Reporter: Dendi Siswanto | Editor: Noverius Laoli
KONTAN.CO.ID - JAKARTA. International Monetary Fund (IMF) bekerja sama dengan World Bank (Bank Dunia) meluncurkan beberapa rekomendasi kebijakan untuk menggenjot penerimaan perpajakan negara-negara berkembang demi memobilisasi sumber daya domestik.
Strategi ini diberi nama joint domestik resource mobilization initiative (JDRMI).
Pertama, IMF dan WB merekomendasikan negara-negara berkembang untuk meningkatkan efektivitas dari insentif pajak yang selama ini diberikan.
Menurut dua badan international tersebut, insentif tax holiday yang ditawarkan di kawasan ekonomi khusus bukanlah instrumen yang efektif untuk menarik investasi.
Baca Juga: IMF dan Bank Dunia Rekomendasikan Kebijakan Pajak untuk Negara Berkembang
Kedua, negara-negara berkembang perlu memperluas basis pajak pertambahan nilai (PPN) dan menekan informalitas. Menurut dua lembaga internasional tersebut, pembebasan PPN bukan merupakan instrumen yang efektif untuk melindungi masyarakat miskin.
Ketiga, negara-negara berkembang perlu memperbaiki desain dan memperluas cakupan pajak penghasilan (PPh) Orang Pribadi (OP). Dalam laporannya, pendapatan PPh OP di negara-negara berkembang jauh lebih rendah dibandingkan negara-negara maju.
Keempat, negara-negara berkembang perlu meningkatkan peran cukai dalam menyokong penerimaan negara. Tidak hanya untuk menekan eksternalitas negatif, melainkan juga menjadi sumber penerimaan yang besar.
Kelima, mengembangkan sistem pajak properti yang efektif guna memenuhi kebutuhan anggaran daerah. Pajak properti merupakan jenis pajak yang paling tidak mendistorsi pertumbuhan ekonomi sekaligus bersifat progresif.
Baca Juga: Pertumbuhan Ekonomi Indonesia Diproyeksi Masih Berkisar 5% pada 2024-2025
Keenam, negara-negara berkembang perlu menerapkan kebijakan pajak khusus atas sektor-sektor tertentu. Misalnya saja rent tax yang dapat dikenakan terhadap sektor sumber daya alam (SDA) dan sektor lain seperti kehutanan, perikanan, telekomunikasi dan perbankan.

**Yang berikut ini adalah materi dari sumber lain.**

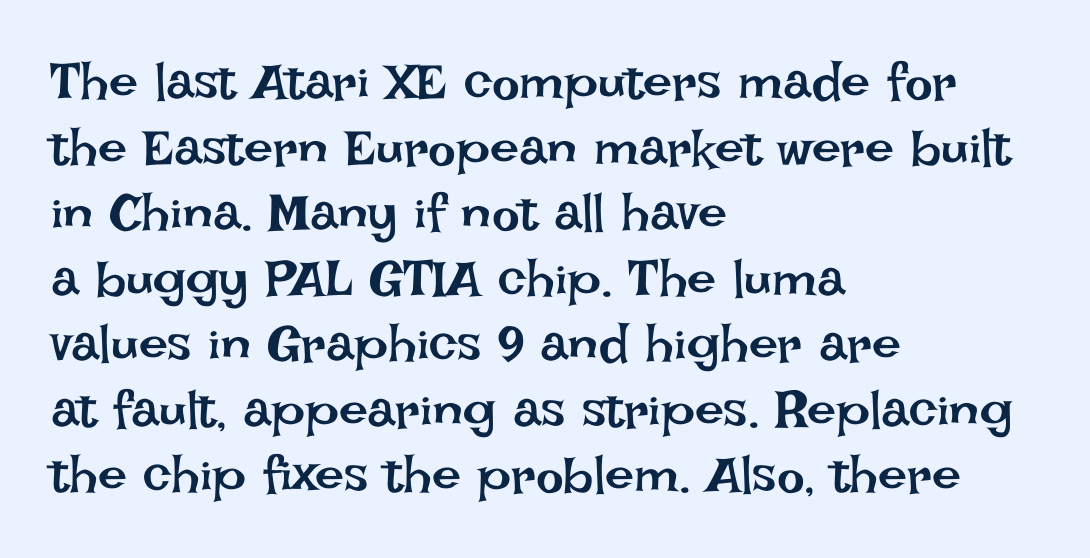
Just letters on the line, the space beneath them empty. Heft: none added — not bold. The rendering uses natural spacing where letterforms have individual widths. When letters stand straight like this, we call the style roman or upright. The setting favours the left margin, as ordinary paragraphs usually do. Honestly, the letter spacing is just normal — you wouldn't notice it.
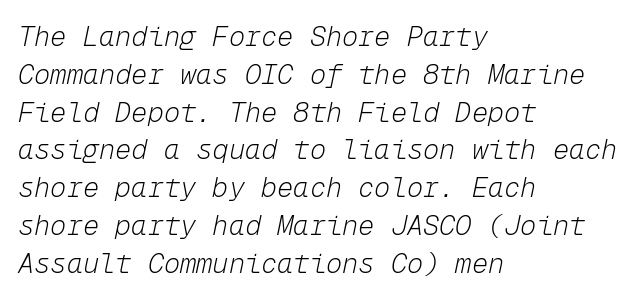
Q: Is the text bold? A: No.
Q: Is the text italic (slanted)? A: Yes, it leans right by about 12 degrees.
Q: Is the text underlined? A: No.
Q: How is the paragraph aligned? A: Left-aligned.
Q: Is the spacing between letters normal or unusually wide? A: Normal.
Q: Is the spacing between lines tight, normal or loose? A: Normal.
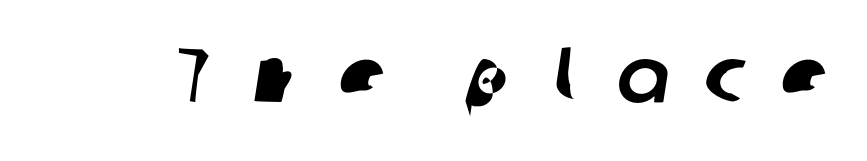
Character widths vary here, with narrow letters taking less room than wide ones. This rendering features lettering with no underline. Compared with typical body copy, the letter spacing here is much looser. Examine the stroke ends and you'll find no serifs.
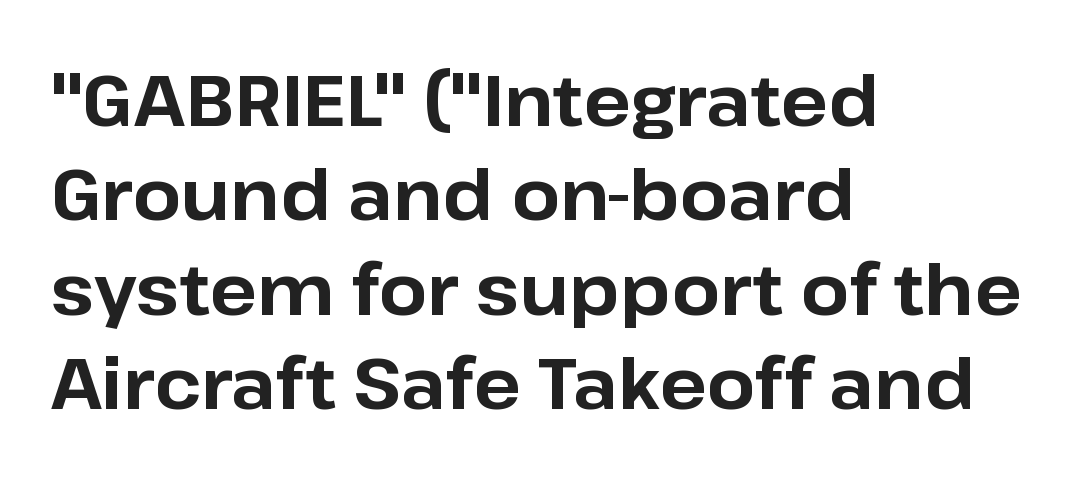
Q: Is the text bold? A: Yes.
Q: Is the text italic (slanted)? A: No, it is upright.
Q: Is the typeface a serif or a sans-serif typeface? A: Sans-serif.
Q: Is the text underlined? A: No.
Q: How is the paragraph aligned? A: Left-aligned.
Q: Is the spacing between letters normal or unusually wide? A: Normal.
Q: Is the spacing between lines tight, normal or loose? A: Normal.
Q: Width (condensed, normal, or wide)? A: Normal.
Q: Stroke contrast? A: Low.
Q: x-height? A: Medium.
Q: Monospaced? A: No.
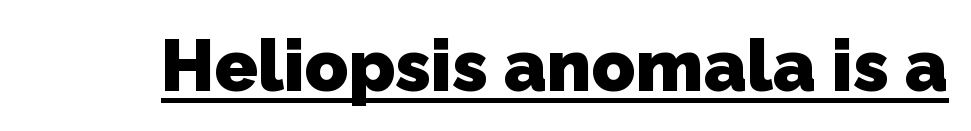
Q: Is the text bold? A: Yes.
Q: Is the typeface a serif or a sans-serif typeface? A: Sans-serif.
Q: Is the text underlined? A: Yes.
Q: Is the spacing between letters normal or unusually wide? A: Normal.
Q: Width (condensed, normal, or wide)? A: Normal.
Q: Stroke contrast? A: Low.
Q: x-height? A: Medium.
Q: Monospaced? A: No.
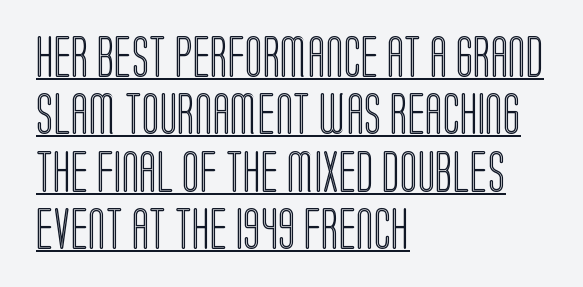
A continuous stroke trails under the words, as in a hyperlink. These lines stack with their left ends in a neat column. When letters stand straight like this, we call the style roman or upright. This sample has the flowing, uneven cadence of proportional lettering.
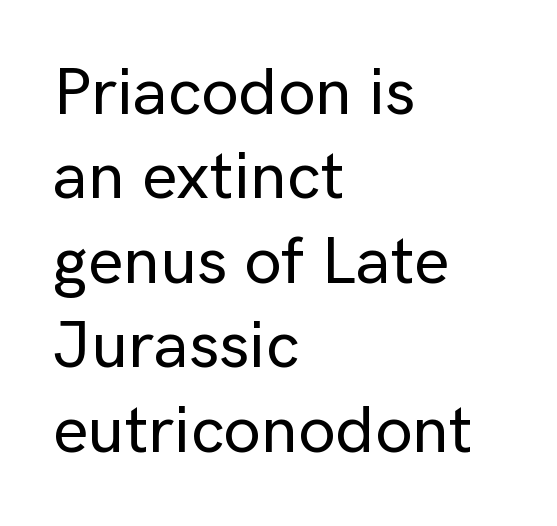
The axis of the letterforms is exactly vertical. The paragraph has a hard left edge and a soft right edge. Character widths vary here, with narrow letters taking less room than wide ones. The type is set solid horizontally, with unmodified tracking. The face used here is a sans, in the tradition of grotesques and geometrics.
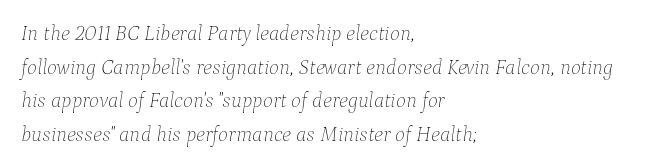
Q: Is the text bold? A: No.
Q: Is the text italic (slanted)? A: Yes, it leans right by about 9 degrees.
Q: Is the text underlined? A: No.
Q: How is the paragraph aligned? A: Left-aligned.
Q: Is the spacing between letters normal or unusually wide? A: Normal.
Q: Is the spacing between lines tight, normal or loose? A: Normal.

Excess profit tax juga dapat dikenai pajak melalui perbaikan desain PPh ataupun jenis pajak khusus.
Pengamat Pajak Center for Indonesia Taxation Analysis (CITA) Fajry Akbar mengatakan bahwa enam rekomendasi kebijakan tersebut cukup bagus untuk diterapkan di negara berkembang, seperti Indonesia. Bahkan, sebagian kebijakan sudah pernah di jalankan oleh Indonesia.
"Selama itu tidak membutuhkan proses legislasi lagi di DPR, tidak perlu membuat ataupun merevisi Undang-Undang (UU), maka kebijakan tersebut menjadi lebih feasible untuk dijalankan," ujar Fajry kepada Kontan.co.id, Minggu (4/8).
Fajry juga turut mengomentari beberapa kebijakan yang direkomendasikan IMF dan Bank Dunia. Misalnya saja soal poin lima mengenai pengembangan sistem pajak properti yang efektif.
Baca Juga: Memupuk Optimisme pada IHSG di Tengah Gejolak Politik dan Ekonomi
Ia menilai, kebijakan tersebut akan sulit dijalankan apabila konteksnya adalah pengenaan jenis pajak baru seperti pajak nilai tanah atau land value tax (LVT).
Dari semua rekomendasi yang diberikan IMF dan Bank Dunia, Fajry mengatakan bahwa opsi yang paling memungkinkan untuk diterapkan di Indonesia adalah dengan mengevaluasi insentif dan fasilitas pajak yang mana beririsan dengan perluasan cakupan PPN dan PPh.
"Selama proses evaluasinya tidak perlu proses legislasi di DPR dan tidak ada ego sektoral antar kementerian, itu menjadi lebih feasible untuk dijalankan," ujarnya.